→ THE PROBLEM: Copy out, from the data below, each line in which the word "spacing" occurs.

Extracted records
------------------------------------------------------------------------
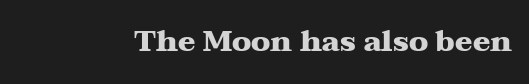
Q: Is the text bold? A: Yes.
Q: Is the text italic (slanted)? A: No, it is upright.
Q: Is the typeface a serif or a sans-serif typeface? A: Serif.
Q: Is the text underlined? A: No.
Q: Is the spacing between letters normal or unusually wide? A: Normal.
Q: Width (condensed, normal, or wide)? A: Wide.
Q: Stroke contrast? A: Medium.
Q: x-height? A: Medium.
Q: Monospaced? A: No.
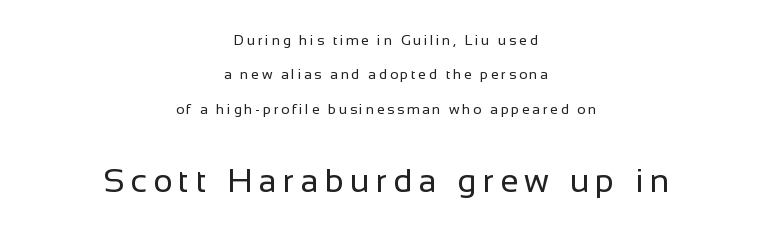
The image shows 33 px regular-weight sans-serif type, upright; set centered, loose line spacing (2.46x), not underlined; the second (bottom) block is 2.36x larger; low stroke contrast and a medium x-height.
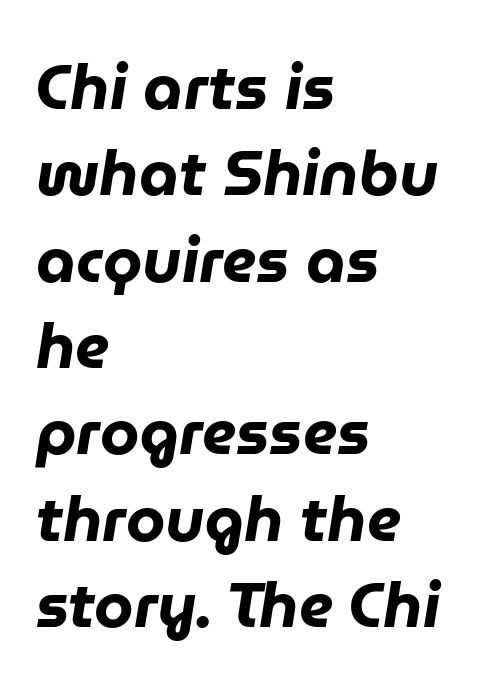
The image shows 63 px heavy type, italic (leaning right); set left-aligned, normal line spacing (1.37x), normal letter spacing, not underlined; low stroke contrast and a medium x-height.
------------------------------------------------------------------------
→ TASK OUTPUT:
Q: Is the spacing between letters normal or unusually wide? A: Normal.
The image shows 33 px regular-weight sans-serif type, upright; set centered, loose line spacing (2.46x), not underlined; the second (bottom) block is 2.36x larger; low stroke contrast and a medium x-height.
The image shows 63 px heavy type, italic (leaning right); set left-aligned, normal line spacing (1.37x), normal letter spacing, not underlined; low stroke contrast and a medium x-height.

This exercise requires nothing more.